Sure enough, given her surname as a hint, we determined that John Doe is our common ancestor.
That’s great evidence that this DNA was passed from John to both of us, but to prove it takes a third person matching us on the same segment, also with proven descent from John Doe. Why? Because Sarah and I might also have a second common genealogical line, maybe even one we don’t know about, that’s isn’t on our pedigree chart. And yes, that happens far more than you’d think. To prove that Sarah Doe and my shared DNA is actually from John Doe or his wife, we need a third confirmed pedigree and DNA match on that same bucket.
A Circle is Not a Bucket
If you just said to yourself, “but Ancestry doesn’t show me buckets,” you’re right – and a Circle is not a bucket. A Circle means you match someone’s DNA and have a common tree ancestor. It doesn’t mean that you or any Circle members match each other on the same buckets. A bucket, or segment information, tells you if you match on common buckets, which buckets, and exactly where. You could match all those people in a Circle on different buckets, from completely different ancestors, and there is no way to know without bucket information. If you want to read more about the effects of lack of tools at Ancestry, click here and here.

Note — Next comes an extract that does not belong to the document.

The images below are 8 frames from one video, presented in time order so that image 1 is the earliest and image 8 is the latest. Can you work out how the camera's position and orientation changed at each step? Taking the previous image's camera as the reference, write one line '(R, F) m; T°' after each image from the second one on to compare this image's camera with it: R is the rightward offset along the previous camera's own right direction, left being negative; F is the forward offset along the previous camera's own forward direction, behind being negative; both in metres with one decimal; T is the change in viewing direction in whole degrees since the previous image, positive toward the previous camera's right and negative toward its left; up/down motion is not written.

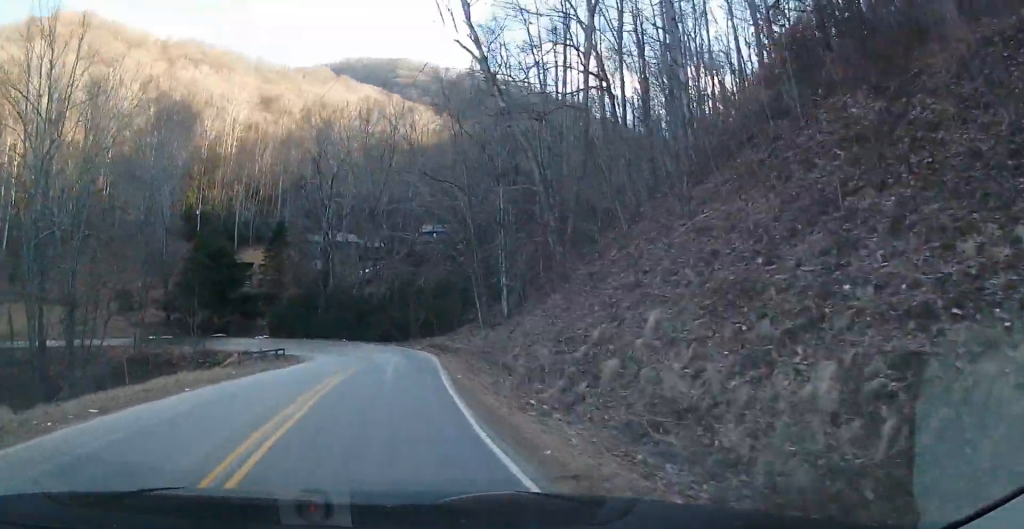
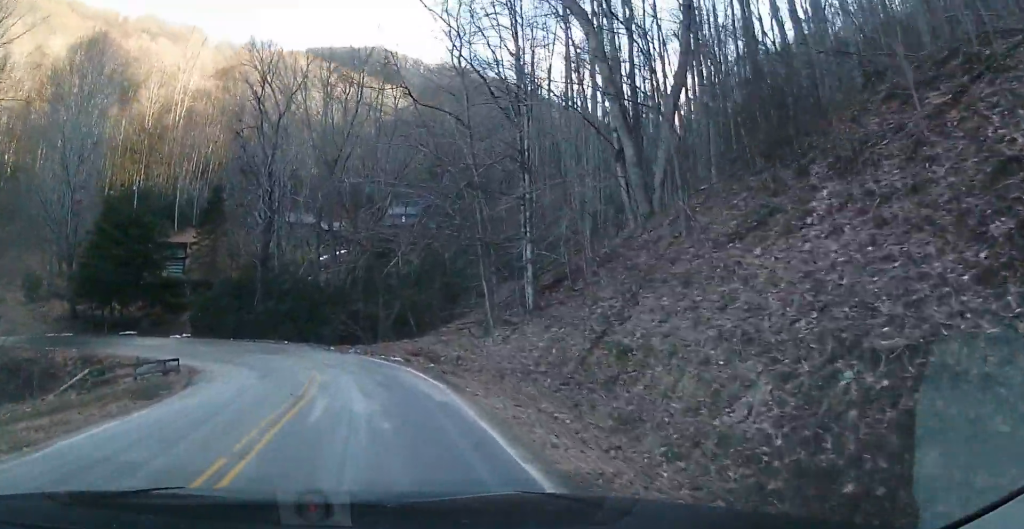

Matching multiple people on the same buckets who descend from the same ancestor through different children is proof – and it’s the only proof except for very close relatives, like siblings, grandparents, first cousins, etc. Circles are hints, good hints, but far, far from proof. For buckets, you’ll need to transfer your Ancestry results to Family Tree DNA or to GedMatch, or preferably, both.
I’m most comfortable if at least two of the individuals of a minimum of three who match on the same buckets and share an ancestor, which is called a triangulation group, descend from at least two different children of John. In other words, the first common ancestor of the matches is John and his wife, not their children.
The reason I like the different children aspect is because it removes the possibility that people are really matching on the downstream wives DNA, and not John’s. In other words, if you have two people who match on the same buckets, A and B above, who both descend from John’s Child 1 who married K, they also will share K’s DNA in addition to John’s. So their match to each other on a given bucket might be though K’s side and not through John’s line at all.
Let’s say A and B have a match to unknown person D who is adopted and doesn’t know their pedigree chart. We can’t make the presumption that D’s match to A and B is through John Doe and Jean, because it might be through K.
However, a match on the same buckets to a third person, C, who descends through John’s other child, Child 2, assuming that Child 2 did not also marry into K’s (or any other common) line, assures that the shared DNA of A and B (and C) in that bucket is through John or his wife – and therefore D’s match to A, B and C on that bucket is also through the same common ancestor.
If you want to read more about triangulation, click here.
The beauty of autosomal DNA is that we carry some readily measurable portion of each of our ancestors, at least the ones in the past several generations, in us. The way we identify that DNA and assign it to that ancestor is through matching to other people on the same segments (buckets) that also descend from the same ancestor or ancestral line, preferably through different children. In many cases, after time, you’ll have a lot more than 3 people descended from that ancestral line matching on that same bucket. Your triangulation group will grow to many – all connected by the umbilical lifethread of your common ancestors’ DNA.
As you can see, the concepts, taken one step at a time are pretty simple, but the layers of things that you need to think about can get complex quickly.
I’ll tell you though, this is the most interesting puzzle you’ll ever work on! It’s just that there’s no picture on the box lid. Instead, it’s incredible real-life journey to the frontiers inside of you to discover your ancestors and their history:) Your ancestors are waiting for you, although my ancestors have a perverse sense of humor and we play hide and seek from time to time!